Paratroopers check their gear prior to loading aboard Douglas C-47 transport aircraft for the jump into Normandy during the predawn hours of D-Day. The transport aircraft came under heavy fire and encountered high winds, causing them to fly low and fast and scattering their human cargo across a wide area of Normandy.
Paratroopers check their gear prior to loading aboard Douglas C-47 transport aircraft for the jump into Normandy during the predawn hours of D-Day. The transport aircraft came under heavy fire and encountered high winds, causing them to fly low and fast and scattering their human cargo across a wide area of Normandy.
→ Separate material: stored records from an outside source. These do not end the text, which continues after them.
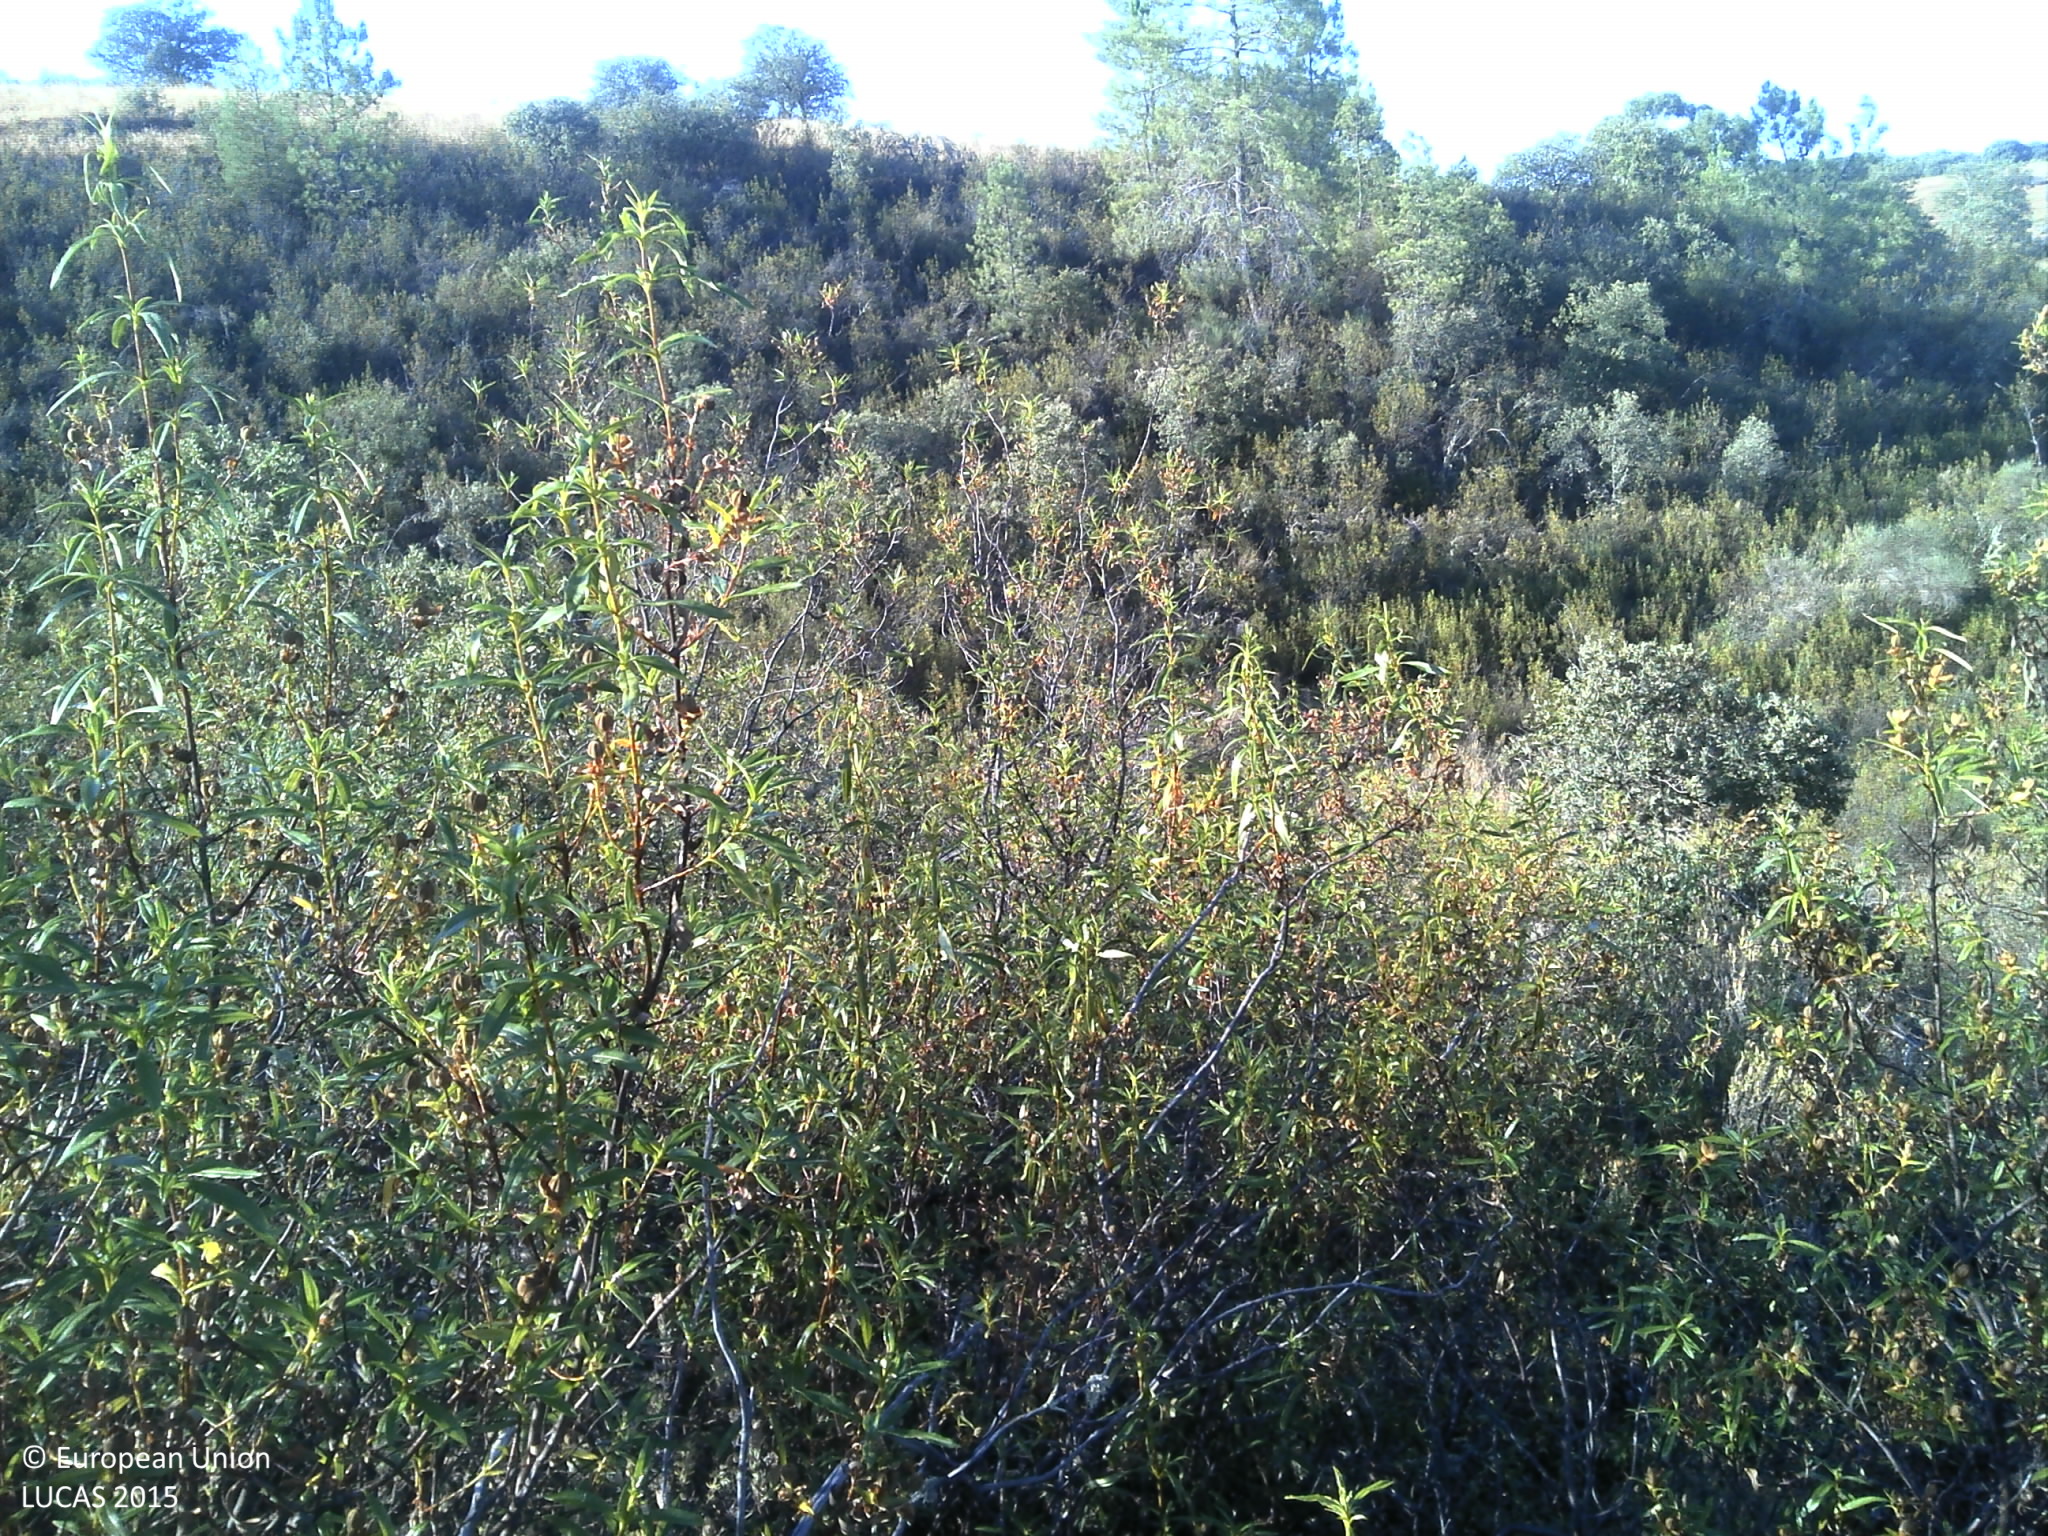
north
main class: Shrubland
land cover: Shrubland with sparse tree cover
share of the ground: 50 - 75 %
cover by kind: shrubs 75 %, herbaceous plants 10 %, coniferous forest trees 5 %, unconsolidated bare surface 5 %
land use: Forestry
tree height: > 5 m
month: June
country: PT
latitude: 39.9524
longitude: -7.0995
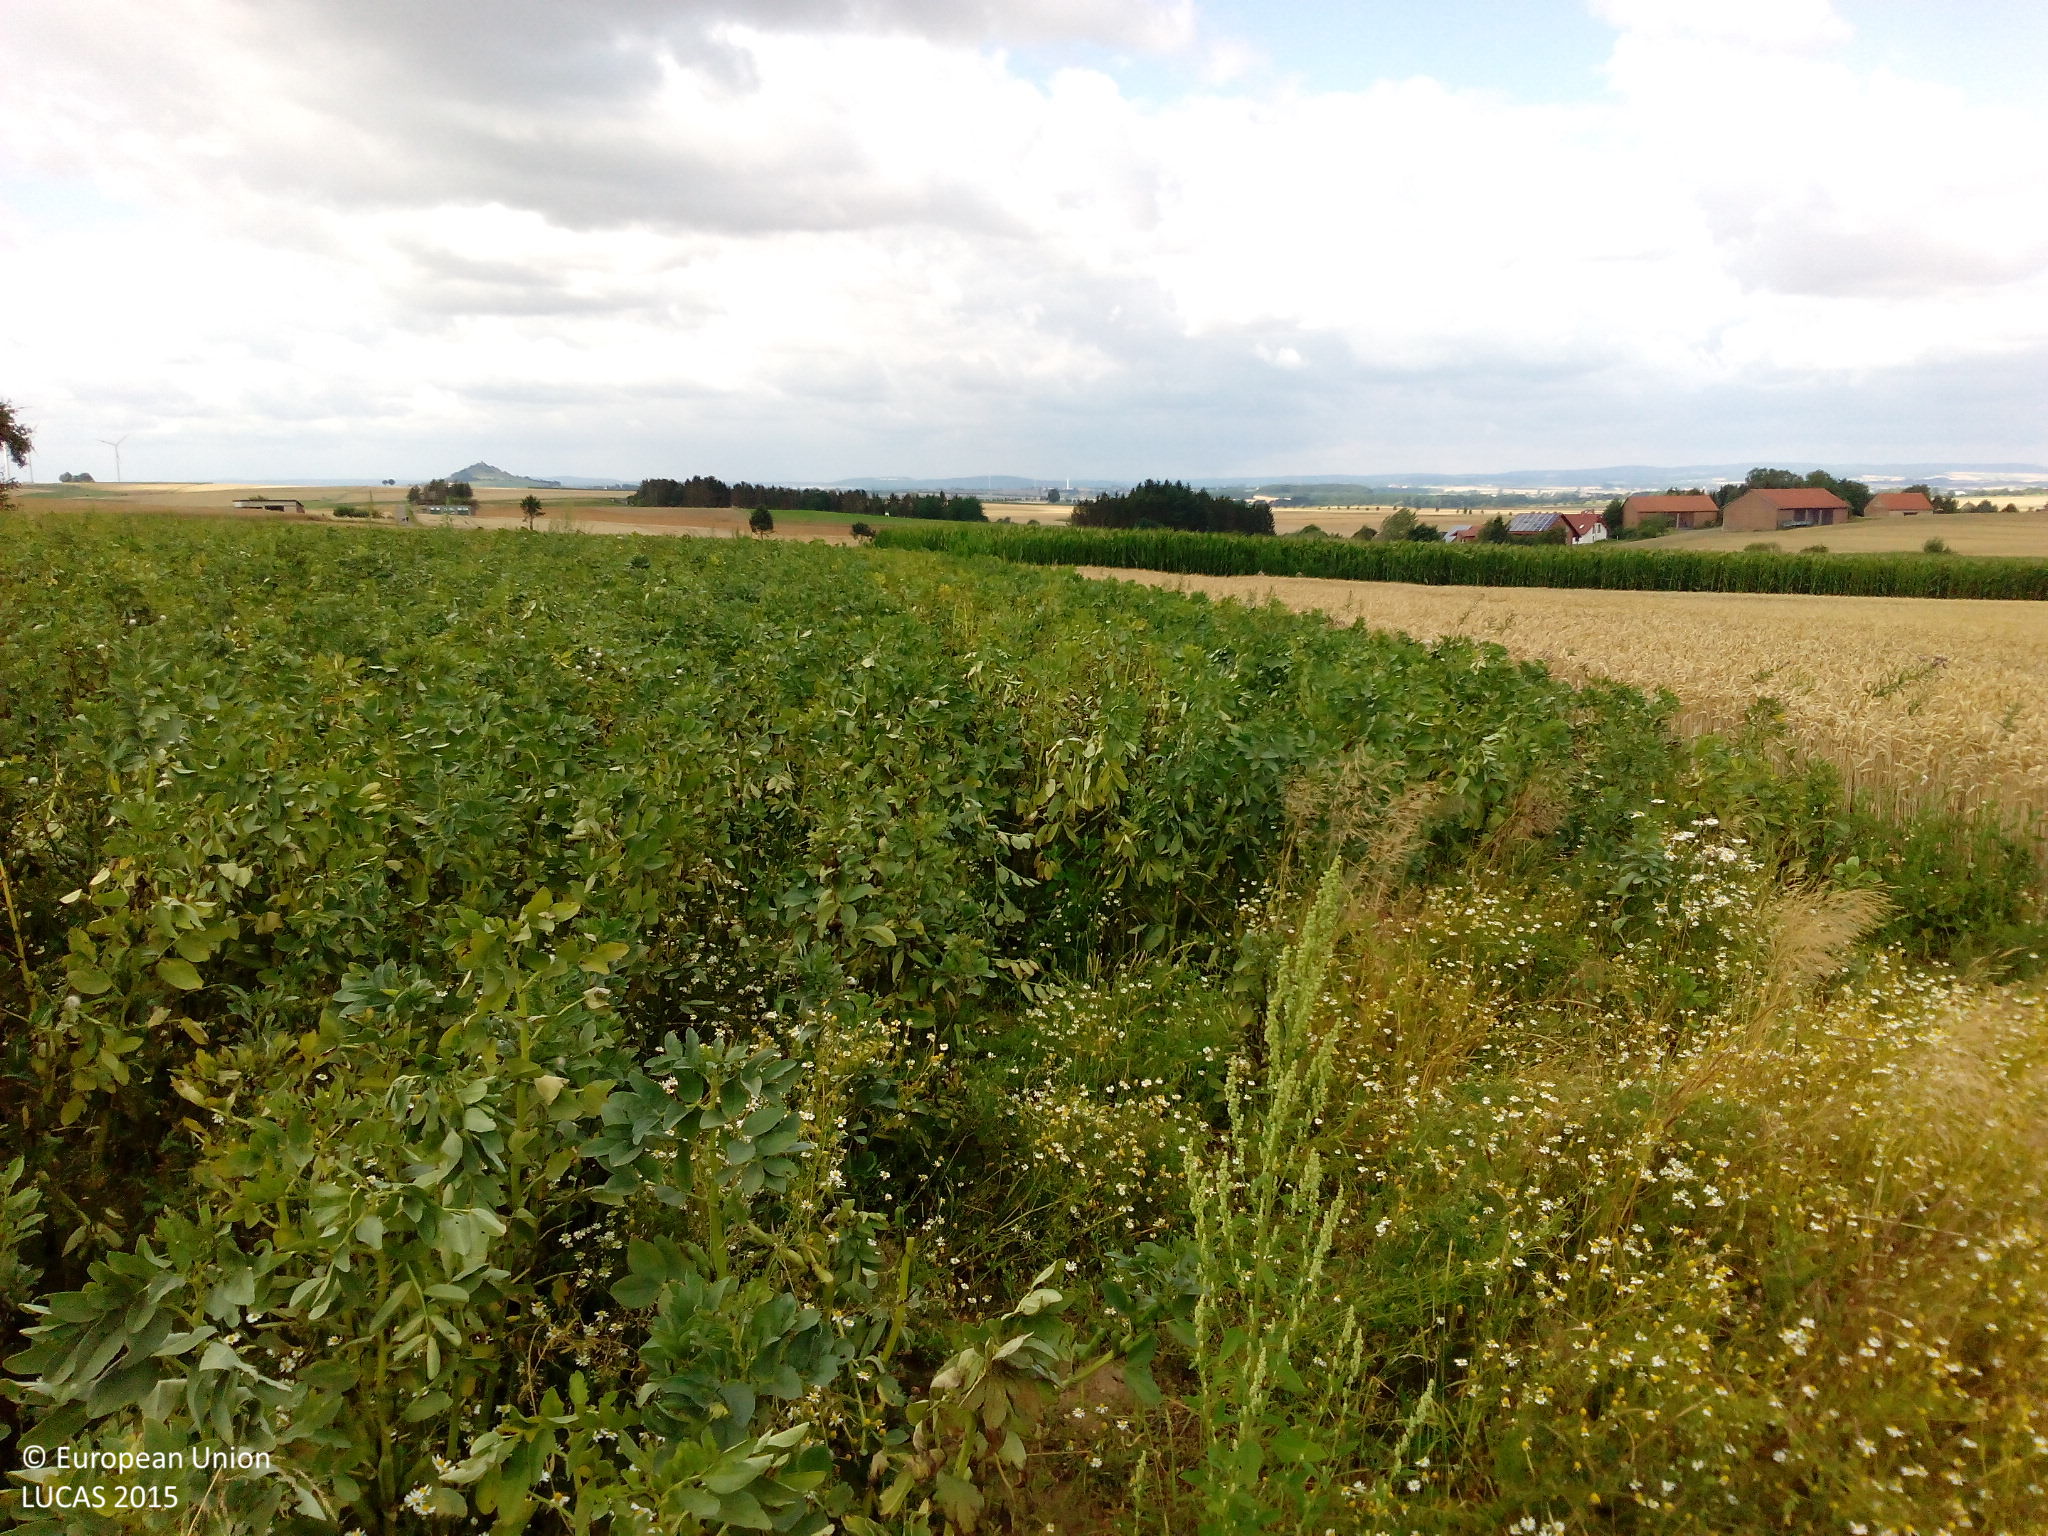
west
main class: Cropland
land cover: Dry pulses
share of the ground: > 75 %
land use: Agriculture (excluding fallow land and kitchen gardens)
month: July
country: DE
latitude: 51.5305
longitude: 9.2939

The rest of the American 57mm guns were brought to bear on the two enemy tanks and the infantry around them. Peterson and Heim saw the second tank trying to push the disabled first tank out of the way, so they moved forward and repeatedly blasted the second tank until it burst into flames.

Running low on ammo, Heim dashed through a hailstorm of flying bullets to the other bazooka crew’s position, but they were nowhere to be found. The damaged weapon was lying on the ground, as were a number of rounds. Scooping them up, Heim dashed back to Peterson and put them to good use in knocking out the third tank. With some understatement, Heim said, “This was one of the toughest days of my life. Why we were not injured or killed only the good Lord knows.”

At the La Fière bridge, the German infantry, their tank support gone, broke off their attack and began pulling back toward Cauquigny. Heim and Peterson yelled for more bazooka rounds, and Major Kellam, along with Captain Dale A. Roysdon, the battalion S-3, ran forward with a bag of rockets. At that moment German mortar rounds began exploding on and around the bridge; Major Kellam was killed and Roysdon mortally wounded. Since that day, the little stone bridge at La Fière manor has been called “Major Kellam’s Bridge.”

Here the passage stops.